The life-threatening deluge swarmed roadways, houses, and railway stations in what's known as the '100-year flood plain'. Three major floods have occurred in St. Louis since 2015, at least two of which were about 1-in-100-year events.
Since Tuesday, there has only been one reported death from the flood. In a news conference, the chief of the St Louis fire department stated that the victim was pulled out of their vehicle. The area where he had been found was submerged under about 8.5 inches of water. Firefighters had saved about 70 residents in total. The chief also reported a total of about 14-15 houses that suffered significant flooding.

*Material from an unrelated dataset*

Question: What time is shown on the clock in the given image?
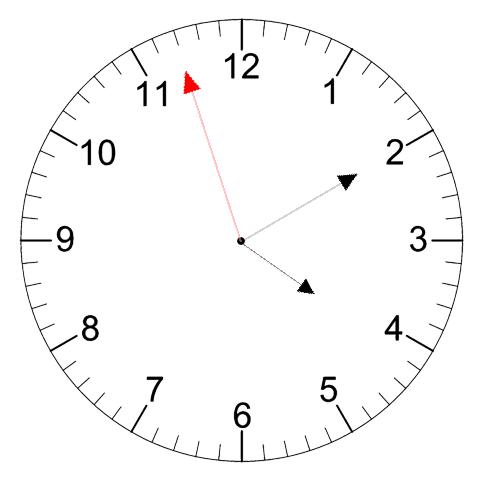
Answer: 04:09:57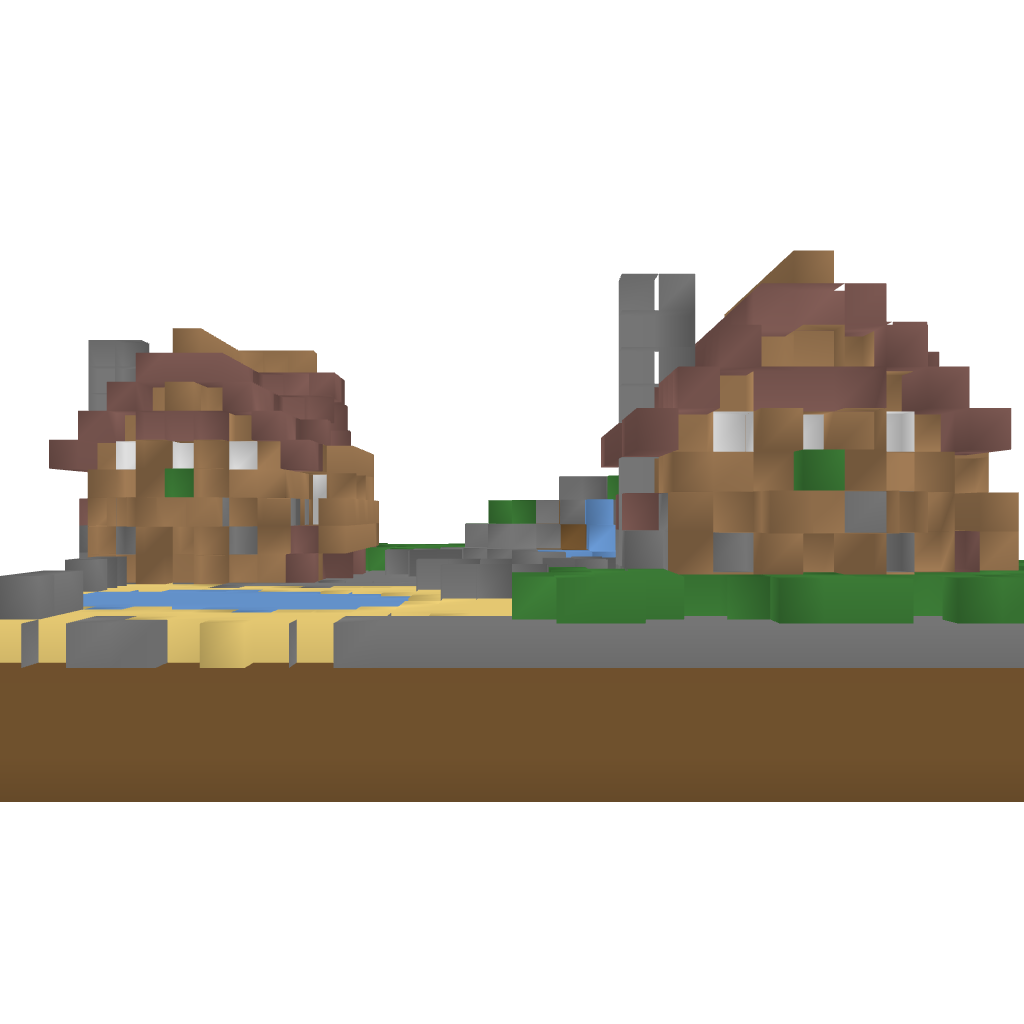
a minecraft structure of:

In the conference, he stated, “We’ve had a tremendous amount of cars that have been door-deep and also roof-deep in some of these low-lying areas.” The governor of Missouri has issued a state of emergency, working with local officials to handle the matter. People were advised not to travel and to try to stay where they were.
This flood-inducing rainfall is interesting considering that just days before the environmental catastrophe, the river providing water for St Louis was considered “bone-dry,” and there was a fear of drought. This is just one of many environmental collapses that have happened in recent weeks.
This summer has seen extreme weather events across the US, with some regions suffering floods and others experiencing heatwaves, as well as reports of wildfires happening all throughout California and wine country. As a result of the climate crisis, these events are becoming more frequent and more severe. It is predicted that there may very well be more flooding on the way. And more flooding could also mean significantly more problems in our environment.